萧颜莞尔一笑,“表妹喜欢的话,重华宫那里也有一批,你尽管去拿来玩。”
“多谢殿下,齐儿也就不推脱啦”,云齐儿开心道。
云皇后看着二人相处融洽,心下宽慰,不由得道,“还的是自家姐妹好,你们二人从小相识,又是表姊妹,还同在宫学里面的念书。”
她接着又对着萧颜关切的问道,“身子好些了吧,这次可是把陛下跟本宫急坏了。”
云齐儿也急道,“上次我在宫外都听到了,殿下没事吧。
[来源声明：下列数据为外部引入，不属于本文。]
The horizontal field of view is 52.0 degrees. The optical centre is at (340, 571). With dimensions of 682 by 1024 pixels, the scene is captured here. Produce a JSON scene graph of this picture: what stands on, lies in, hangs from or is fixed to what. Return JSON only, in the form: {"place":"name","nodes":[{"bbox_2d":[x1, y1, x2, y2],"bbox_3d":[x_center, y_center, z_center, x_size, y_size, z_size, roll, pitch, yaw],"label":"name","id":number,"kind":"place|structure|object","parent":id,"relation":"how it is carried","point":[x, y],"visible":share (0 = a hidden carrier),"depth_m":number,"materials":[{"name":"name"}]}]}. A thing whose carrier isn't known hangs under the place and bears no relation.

”
“无事,太医说已无大碍,多谢叔母跟表妹挂怀”,萧颜笑着回道。
云皇后宽心道,“无事就好,以后永宁还是要好好的保重自己的身子。”
“是,永宁记下了”。
“那表姐什么时候去宫学,你病了这些时日,我们都很挂念的紧”,云齐儿道。
“等过了这几日,想来就要去了”,萧颜回道。
话音刚落,外室的静秋姑姑端来两碗糖蒸酥酪上来,“殿下,云姑娘,这是娘娘特意让小厨房备上的糖蒸酥酪,现在这个时节吃是再合适不过的。”
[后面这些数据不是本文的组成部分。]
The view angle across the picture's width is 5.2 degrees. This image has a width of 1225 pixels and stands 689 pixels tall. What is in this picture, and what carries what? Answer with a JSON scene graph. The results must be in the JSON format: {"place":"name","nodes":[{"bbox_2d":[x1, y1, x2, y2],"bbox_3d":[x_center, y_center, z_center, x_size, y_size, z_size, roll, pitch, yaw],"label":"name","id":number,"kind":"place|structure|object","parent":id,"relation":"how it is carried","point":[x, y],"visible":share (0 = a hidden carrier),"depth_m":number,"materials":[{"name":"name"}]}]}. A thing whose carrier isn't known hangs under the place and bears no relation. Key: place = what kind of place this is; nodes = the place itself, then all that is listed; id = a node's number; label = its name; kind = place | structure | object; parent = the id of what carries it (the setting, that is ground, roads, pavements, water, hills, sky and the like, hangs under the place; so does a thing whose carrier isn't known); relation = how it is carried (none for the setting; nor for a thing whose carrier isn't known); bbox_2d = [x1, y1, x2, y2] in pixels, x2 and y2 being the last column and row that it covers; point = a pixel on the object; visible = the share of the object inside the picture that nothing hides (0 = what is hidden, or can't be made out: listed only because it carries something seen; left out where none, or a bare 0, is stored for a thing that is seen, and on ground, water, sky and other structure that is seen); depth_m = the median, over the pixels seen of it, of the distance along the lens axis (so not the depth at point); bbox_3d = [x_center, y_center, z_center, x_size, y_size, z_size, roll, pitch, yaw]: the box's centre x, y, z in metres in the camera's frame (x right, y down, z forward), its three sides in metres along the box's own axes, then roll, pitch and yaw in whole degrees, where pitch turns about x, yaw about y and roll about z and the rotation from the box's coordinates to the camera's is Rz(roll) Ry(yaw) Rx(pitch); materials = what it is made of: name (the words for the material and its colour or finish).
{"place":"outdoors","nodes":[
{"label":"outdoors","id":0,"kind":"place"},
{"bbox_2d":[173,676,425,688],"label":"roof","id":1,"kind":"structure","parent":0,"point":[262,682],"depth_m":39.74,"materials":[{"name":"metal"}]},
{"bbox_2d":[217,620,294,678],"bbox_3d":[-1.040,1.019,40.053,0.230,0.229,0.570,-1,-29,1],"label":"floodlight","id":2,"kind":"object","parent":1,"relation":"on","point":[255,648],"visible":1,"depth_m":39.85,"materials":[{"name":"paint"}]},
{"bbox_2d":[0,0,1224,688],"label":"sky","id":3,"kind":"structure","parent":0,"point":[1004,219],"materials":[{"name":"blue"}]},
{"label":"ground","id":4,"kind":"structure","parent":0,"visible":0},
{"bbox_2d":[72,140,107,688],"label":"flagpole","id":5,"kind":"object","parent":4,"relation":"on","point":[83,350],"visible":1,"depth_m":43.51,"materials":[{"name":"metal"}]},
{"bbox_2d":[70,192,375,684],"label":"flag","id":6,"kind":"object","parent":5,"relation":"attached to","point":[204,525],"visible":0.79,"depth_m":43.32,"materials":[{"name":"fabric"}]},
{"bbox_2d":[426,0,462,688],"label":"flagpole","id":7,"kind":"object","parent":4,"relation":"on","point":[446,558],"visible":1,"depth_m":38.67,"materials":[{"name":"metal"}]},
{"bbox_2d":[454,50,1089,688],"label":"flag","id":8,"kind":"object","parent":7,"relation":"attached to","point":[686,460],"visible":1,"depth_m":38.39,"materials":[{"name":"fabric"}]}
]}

那一抹乳白浮在青瓷碗中,上面还有撒了些旧年的桂花碎,似云似雪,煞是好看。
萧颜端起浅尝了一口,细腻温润,入口即化,“好吃,还有些淡淡地酒香。”
云皇后笑道,“永宁这张嘴果然是会吃的,这糖蒸酥酪其中用了米酒勾了沫出来。”
“我记得糖蒸酥酪,玄哥哥也最是喜欢”,云齐儿嘀咕道。
云皇后拍了拍云齐儿的手背道,“谨玄是最喜欢吃的,难为齐儿还记得。”
可转眼又愁到心头,“不知谨玄在外面如何了,吃的好不好”。说到此,她神情微微动容,竟然有些哽咽。
云齐儿安慰道,“姑母别伤心,玄哥哥过段时日就回来了。”
萧谨玄,当今大宁太子,皇后独子。
萧颜问,“谨玄哥哥这是去哪了?”
云皇后叹了口气,“你这段时日病了不知道,陛下派他去了江南道。江南道路途遥远,谨玄又很少出门,我实在是担心。”
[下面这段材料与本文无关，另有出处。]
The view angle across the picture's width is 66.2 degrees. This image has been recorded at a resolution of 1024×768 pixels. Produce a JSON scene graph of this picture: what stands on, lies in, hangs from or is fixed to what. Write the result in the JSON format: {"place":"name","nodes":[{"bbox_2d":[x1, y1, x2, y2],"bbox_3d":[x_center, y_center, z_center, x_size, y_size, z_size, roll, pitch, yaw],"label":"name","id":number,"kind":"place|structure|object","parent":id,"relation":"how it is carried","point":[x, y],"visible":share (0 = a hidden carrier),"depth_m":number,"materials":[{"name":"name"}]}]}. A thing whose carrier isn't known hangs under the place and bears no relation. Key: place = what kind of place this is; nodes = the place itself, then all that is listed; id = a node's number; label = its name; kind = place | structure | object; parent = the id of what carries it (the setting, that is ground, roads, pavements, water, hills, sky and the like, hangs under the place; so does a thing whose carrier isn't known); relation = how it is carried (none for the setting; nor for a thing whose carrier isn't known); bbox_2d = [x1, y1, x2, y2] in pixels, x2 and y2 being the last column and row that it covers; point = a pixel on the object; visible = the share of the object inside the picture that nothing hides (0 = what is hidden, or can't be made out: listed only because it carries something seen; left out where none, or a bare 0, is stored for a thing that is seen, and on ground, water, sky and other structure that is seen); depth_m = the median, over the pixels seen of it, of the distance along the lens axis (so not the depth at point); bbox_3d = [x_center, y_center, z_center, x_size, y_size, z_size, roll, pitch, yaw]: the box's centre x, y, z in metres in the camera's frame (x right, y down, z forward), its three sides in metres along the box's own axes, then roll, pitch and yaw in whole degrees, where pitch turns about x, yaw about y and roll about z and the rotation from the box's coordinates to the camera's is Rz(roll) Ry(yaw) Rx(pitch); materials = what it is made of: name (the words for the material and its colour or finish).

萧颜柔声道,“江南道民风淳朴,多是些文人墨客,叔母放宽心。”
云皇后悠悠道,“但愿我儿早日归朝。”
室内渐渐静了,风吹过,满树婆娑,那绚烂的春花随风蹁跹而下,被飞疾过的马蹄零落成泥。
“千霜姑娘,信又到了”,一年轻宫人小跑着来到重华宫前。
千霜接过信封,柔声道,“有劳小公公了”。
她携了信封,缓步走进殿内。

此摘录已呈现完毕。